After House passage, State Sen. Tom Cullerton, D-Ill., a sponsor of the bill, decided to amend the bill to provide for class-action enforcement under two Illinois consumer class-action statutes. In the face of heavy opposition from business groups, this provision was amended further so that availability of class-action enforcement was far less clear. Although the amendment expressly foreclosed any private cause of action directly under the new law, it expressly reserved the “operation of ... other Illinois law” and the right to “seek[] relief under the Code of Civil Procedure.” This left the door open for indirect class-action enforcement, such as by an action under the Illinois Consumer Fraud and Deceptive Business Practices Act. When a representative from Edelson, a firm specializing in privacy class-action lawsuits, was called upon by Cullerton’s staff to explain these changes, it deepened business community suspicion. 

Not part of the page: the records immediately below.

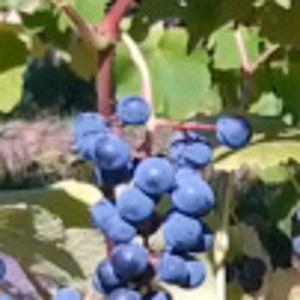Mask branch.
<instances>
[{
	"label": "branch",
	"instance_id": "branch-1",
	"mask_svg": "<svg viewBox=\"0 0 300 300\" xmlns=\"http://www.w3.org/2000/svg\"><path fill=\"white\" fill-rule=\"evenodd\" d=\"M137 0H108L99 19L96 33L95 85L99 114L109 116L115 110L112 65L117 42L118 24L124 13L135 9Z\"/></svg>",
	"mask_w": 300,
	"mask_h": 300
}]
</instances>

The amendments in the last week of May added a new provision stating that if a business violated the law, then the business’s contracts with that consumer were voided. This, in turn, created the possibility of lawsuits to recover revenue paid by Illinois consumers to the company. The Senate amendments also: 1.) restricted the exception for “de-identified” data from the “linked or reasonably linkable” definition in the FTC 2012 Privacy Staff report through a further condition that the data “cannot reasonably be used to infer information about” a consumer; and 2.) added a “right to know” requirement to report on the “approximate number of all third parties that received the consumer’s personal information.”

Both these changes raised operational complexities that increased the risk of businesses unknowingly violating the law. 

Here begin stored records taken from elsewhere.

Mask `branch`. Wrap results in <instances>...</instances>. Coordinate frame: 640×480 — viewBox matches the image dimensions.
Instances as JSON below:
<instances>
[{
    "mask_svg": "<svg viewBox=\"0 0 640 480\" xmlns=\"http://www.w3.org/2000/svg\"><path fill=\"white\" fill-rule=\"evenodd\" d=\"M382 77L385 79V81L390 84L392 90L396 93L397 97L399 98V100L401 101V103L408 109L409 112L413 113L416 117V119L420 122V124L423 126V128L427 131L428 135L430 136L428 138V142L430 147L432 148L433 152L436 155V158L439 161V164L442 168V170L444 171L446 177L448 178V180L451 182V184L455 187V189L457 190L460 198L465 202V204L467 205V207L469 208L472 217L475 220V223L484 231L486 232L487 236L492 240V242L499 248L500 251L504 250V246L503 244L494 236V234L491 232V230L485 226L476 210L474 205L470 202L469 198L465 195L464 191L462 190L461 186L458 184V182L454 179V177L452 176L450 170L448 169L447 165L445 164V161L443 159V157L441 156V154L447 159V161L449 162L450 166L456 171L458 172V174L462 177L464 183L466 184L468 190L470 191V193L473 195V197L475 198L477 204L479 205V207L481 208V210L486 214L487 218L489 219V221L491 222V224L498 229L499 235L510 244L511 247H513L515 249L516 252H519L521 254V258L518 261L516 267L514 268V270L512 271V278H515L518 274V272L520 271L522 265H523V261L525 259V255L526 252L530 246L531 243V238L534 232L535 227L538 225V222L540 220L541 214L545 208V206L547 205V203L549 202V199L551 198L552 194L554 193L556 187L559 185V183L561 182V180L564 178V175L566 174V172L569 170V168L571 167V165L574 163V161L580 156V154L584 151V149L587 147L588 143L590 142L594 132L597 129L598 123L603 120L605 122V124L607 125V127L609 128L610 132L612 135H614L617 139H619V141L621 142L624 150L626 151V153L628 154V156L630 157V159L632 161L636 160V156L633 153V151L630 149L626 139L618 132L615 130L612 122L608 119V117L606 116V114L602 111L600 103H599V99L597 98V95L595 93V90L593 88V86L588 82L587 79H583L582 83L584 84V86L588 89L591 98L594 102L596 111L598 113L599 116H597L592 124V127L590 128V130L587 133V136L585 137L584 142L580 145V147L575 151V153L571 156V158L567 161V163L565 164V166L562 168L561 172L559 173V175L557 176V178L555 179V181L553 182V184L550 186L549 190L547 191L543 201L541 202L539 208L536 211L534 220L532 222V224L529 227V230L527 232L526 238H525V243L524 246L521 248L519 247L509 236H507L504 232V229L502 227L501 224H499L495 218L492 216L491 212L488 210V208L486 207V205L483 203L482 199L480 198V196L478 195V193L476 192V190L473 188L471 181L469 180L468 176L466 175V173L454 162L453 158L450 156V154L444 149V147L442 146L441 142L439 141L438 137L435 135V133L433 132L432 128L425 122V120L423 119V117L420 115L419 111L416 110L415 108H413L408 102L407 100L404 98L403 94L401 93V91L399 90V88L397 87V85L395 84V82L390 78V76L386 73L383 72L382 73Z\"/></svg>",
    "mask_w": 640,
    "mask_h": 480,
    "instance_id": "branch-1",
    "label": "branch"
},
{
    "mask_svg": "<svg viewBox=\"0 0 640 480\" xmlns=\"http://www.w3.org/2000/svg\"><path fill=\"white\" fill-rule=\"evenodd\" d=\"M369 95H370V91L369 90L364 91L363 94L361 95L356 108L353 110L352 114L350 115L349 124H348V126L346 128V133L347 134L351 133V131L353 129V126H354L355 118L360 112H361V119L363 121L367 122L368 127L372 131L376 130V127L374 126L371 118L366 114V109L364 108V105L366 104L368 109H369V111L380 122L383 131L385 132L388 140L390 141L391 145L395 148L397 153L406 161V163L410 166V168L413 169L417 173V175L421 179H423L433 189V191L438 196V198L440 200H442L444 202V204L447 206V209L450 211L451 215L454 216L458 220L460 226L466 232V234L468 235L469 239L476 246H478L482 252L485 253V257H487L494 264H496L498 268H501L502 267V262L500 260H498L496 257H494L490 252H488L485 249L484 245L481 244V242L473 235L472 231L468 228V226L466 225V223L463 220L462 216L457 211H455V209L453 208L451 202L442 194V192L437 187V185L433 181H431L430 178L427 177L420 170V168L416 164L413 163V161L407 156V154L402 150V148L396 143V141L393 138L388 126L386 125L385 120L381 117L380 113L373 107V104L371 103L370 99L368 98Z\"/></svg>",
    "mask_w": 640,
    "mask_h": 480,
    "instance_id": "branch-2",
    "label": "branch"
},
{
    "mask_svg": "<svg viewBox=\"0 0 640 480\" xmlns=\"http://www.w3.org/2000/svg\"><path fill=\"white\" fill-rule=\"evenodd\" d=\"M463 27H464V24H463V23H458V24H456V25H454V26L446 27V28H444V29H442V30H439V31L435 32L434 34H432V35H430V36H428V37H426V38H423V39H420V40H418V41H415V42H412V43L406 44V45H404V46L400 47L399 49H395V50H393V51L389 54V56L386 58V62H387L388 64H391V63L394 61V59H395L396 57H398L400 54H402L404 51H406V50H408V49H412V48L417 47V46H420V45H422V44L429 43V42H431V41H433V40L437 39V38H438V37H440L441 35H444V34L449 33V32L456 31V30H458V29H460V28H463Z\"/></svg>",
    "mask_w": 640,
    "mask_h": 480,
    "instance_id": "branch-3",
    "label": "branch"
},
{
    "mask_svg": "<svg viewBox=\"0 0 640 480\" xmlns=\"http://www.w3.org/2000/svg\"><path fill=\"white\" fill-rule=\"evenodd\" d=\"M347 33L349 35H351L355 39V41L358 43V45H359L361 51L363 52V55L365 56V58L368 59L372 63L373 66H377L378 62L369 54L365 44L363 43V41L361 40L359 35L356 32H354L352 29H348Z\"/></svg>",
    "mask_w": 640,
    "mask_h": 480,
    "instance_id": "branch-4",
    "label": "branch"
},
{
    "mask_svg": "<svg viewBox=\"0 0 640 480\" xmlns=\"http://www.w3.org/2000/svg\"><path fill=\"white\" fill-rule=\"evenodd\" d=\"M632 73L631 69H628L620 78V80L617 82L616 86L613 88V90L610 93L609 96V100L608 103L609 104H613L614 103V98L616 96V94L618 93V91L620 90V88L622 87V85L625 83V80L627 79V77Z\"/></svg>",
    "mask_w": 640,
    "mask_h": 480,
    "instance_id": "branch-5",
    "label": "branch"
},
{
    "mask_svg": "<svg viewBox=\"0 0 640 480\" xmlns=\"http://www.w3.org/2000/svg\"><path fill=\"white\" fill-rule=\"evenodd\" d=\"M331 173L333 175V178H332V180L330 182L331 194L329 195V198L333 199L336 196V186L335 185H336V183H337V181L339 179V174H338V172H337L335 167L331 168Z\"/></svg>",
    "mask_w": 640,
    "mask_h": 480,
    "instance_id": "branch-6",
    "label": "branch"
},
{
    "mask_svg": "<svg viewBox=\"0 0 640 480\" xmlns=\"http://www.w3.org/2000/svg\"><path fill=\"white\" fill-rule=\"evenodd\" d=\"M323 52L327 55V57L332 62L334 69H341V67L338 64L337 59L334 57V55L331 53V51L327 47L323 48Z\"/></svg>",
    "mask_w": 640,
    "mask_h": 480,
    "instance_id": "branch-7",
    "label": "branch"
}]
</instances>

The combination of large sectoral exceptions, new requirements beyond those in the CCPA, and class-action enforcement risk created enough controversy that the bill did not move forward. The latter two factors similarly thwarted the Washington Privacy Act earlier this year, which had been introduced with significant fanfare as a possible alternative to the CCPA.  

What lesson can be drawn from the Illinois bill’s demise? 

A plausible one is that outlier requirements beyond the CCPA and private rights of action to enforce the highly operational CCPA rights both make omnibus state privacy bills more difficult to pass, even in deep blue states such as Illinois. By this measure, pending privacy bills in New York and Puerto Rico look like long shots to pass this year, at least in their current form. But state bills can move through legislatures very quickly, and CCPA-style bills are pending in both jurisdictions, as well as in New Jersey. 

Jim Halpert is a partner at DLA Piper, representing a coalition of Fortune 500 companies, and has helped draft more than 200 U.S. state privacy, data security breach notification laws and consumer protection laws.